I am a college professor. We have a college savings fund for my daughter, principally funded by parents so far, though we’re beginning to be able to contribute too. We do not have a college savings fund for my son, because he has Down syndrome, and we never thought that college was a reasonable option.
We were wrong.
Programs like Cutting Edge provide a way for colleges to respond to what many disability advocates call “falling off the cliff.” When a child is diagnosed with a disability, all kinds of government-support structures kick in to provide education, services, transportation, and health care. It’s often necessary to fight for optimal services, but the system is, at least, there.
But at age 22 (or in some states, 19), someone with a disability loses that infrastructure, and “falls off the cliff” into a much less organized world. Beyond the issue of finding new services, there’s just a fundamental question of what the disabled should do. School provides community along with education. Without school, many people with disabilities risk becoming isolated.
Increasingly over the last decade or so, colleges like Edgewood are trying to provide a higher education to people with developmental disabilities that can build on the good work done in secondary education. A project called Think College: College Options for People With Intellectual Disabilities—run out of the Institute for Community Inclusion at the University of Massachusetts at Boston—has been coordinating such efforts, building standards, and working with the government to provide more support.
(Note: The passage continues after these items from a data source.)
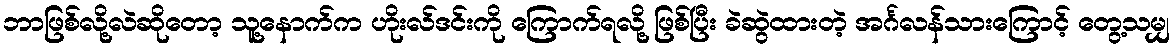
ဘာဖြစ်လို့လဲဆိုတော့ သူ့နောက်က ဟိုးလ်ဒင်းကို ကြောက်ရလို့ ဖြစ်ပြီး ခဲဆွဲထားတဲ့ အင်္ဂလန်သားကြောင့် တွေ့သမျှ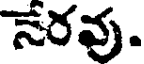
నేరవు.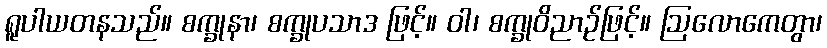
ရူပါယတနသည်။ စက္ခုနာ၊ စက္ခုပသာဒ ဖြင့်။ ဝါ၊ စက္ခုဝိညာဉ်ဖြင့်။ ဩလောကေတွာ၊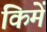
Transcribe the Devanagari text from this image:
किमें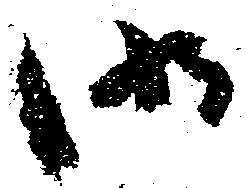
御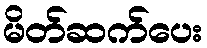
မိတ်ဆက်ပေး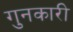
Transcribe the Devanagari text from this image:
गुनकारी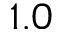
1 . 0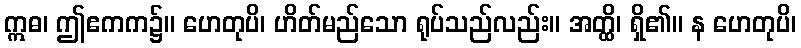
ဣဓ၊ ဤဧကက၌။ ဟေတုပိ၊ ဟိတ်မည်သော ရုပ်သည်လည်း။ အတ္ထိ၊ ရှိ၏။ န ဟေတုပိ၊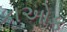
કાઓક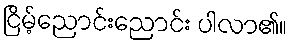
ငြိမ့်ညောင်းညောင်း ပါလာ၏။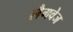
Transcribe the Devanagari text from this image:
लैगवेज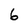
Character: 6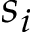
s _ { i }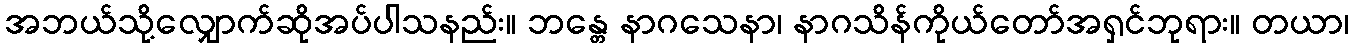
အဘယ်သို့လျှောက်ဆိုအပ်ပါသနည်း။ ဘန္တေ နာဂသေနာ၊ နာဂသိန်ကိုယ်တော်အရှင်ဘုရား။ တယာ၊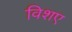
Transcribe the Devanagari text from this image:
विशए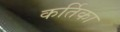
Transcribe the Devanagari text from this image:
कर्तिका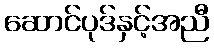
ဆောင်ပုဒ်နှင့်အညီ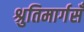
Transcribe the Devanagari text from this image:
श्रुतिमार्गसँ

The cliff is real and it’s scary. Moreover, there is no one program that can address it. Instead, what we need are creative people thinking about jobs, trainings, community groups, internships, camps, and, increasingly, college.
There are issues. It’s not free. It doesn’t fall into our traditional (though much contested) model of financial aid being an investment in a college-educated well-paying career. Most financial aid isn’t even available. I talk about these issues in the article. Still, I conclude:
My son, Nico, has Down syndrome. He’s 7 years old, and until recently we hadn’t saved a penny for his college. Why would we? Then we saw Noah’s acceptance video, and I got to meet Hafner and Coogan. Now, we’re thinking college. Moreover, for the first time, we see college as part of the solution to building a better life for our son.
Which is to say – time to start saving. Time to start thinking college.
Finally, a call for action.
If you are an academic, please share my article with your administration. Say to them that this is possible. It’s not charity. It’s a form of public engagement (a university working on a major social issue – “the cliff”). It’s complicated but not ultimately disruptive. That it fits into diversity initiatives (mantra: disability is diversity). That there are people at the Institute for Community Inclusion who want to help you. Take this article to your administration and say – we can do this. We should do this.
Thank you.
check us out at http://www.shepherdscollege.edu a technical, specialized school for students with ID/D. We received accreditation as a certificate, non-degree granting program, which means we are recognized by the US Dept of Ed as being able to access the full range of FSA and underwent the 10 standards evaluation. We are a specialized, technical school with a unique three phase residential campus living process. We affirm the models you have highlighted should be affirmed and promoted, as well as increasingly diverse offerings providing a broad range of choices for students looking to go to college.
Bravo. I think this is the future.
Considering our medical science and technology is allowing more people with disabilities to live longer and more varied lives.
I remember watching a documentary several years ago about traumatic brain injury, and they followed several patients of varying degrees of injury. One young woman eventually was starting school at a community college. It was a real bright point of the documentary… because not that many years ago, that young woman wouldn't have been encouraged to do that.
Our culture has too long been stuck back in the Dark Ages regarding people with disabilities and education & career options.
Of course the slack labor market does not help at all.
But then I'm also a firm believer that everyone should have the opportunity for higher education of some type, even if it's not needed for a specific career.
I worry with all this corporate pushed talk about how higher education, or even K-12 education, should be basically just job training, that something will be lost in the process.
Brian and Lucy – Is your school a segregated space? I am not opposed to that for some students, so long as there's a plan to build skills that lead to better integration. Tell me more! And thanks for commenting.
Dear "Watermelonpunchcom" – Psst, watch out for those Dark Ages metaphors. 🙂 Medievalist-at-work here! 🙂
I worry about these things as well, but am optimistic on this front.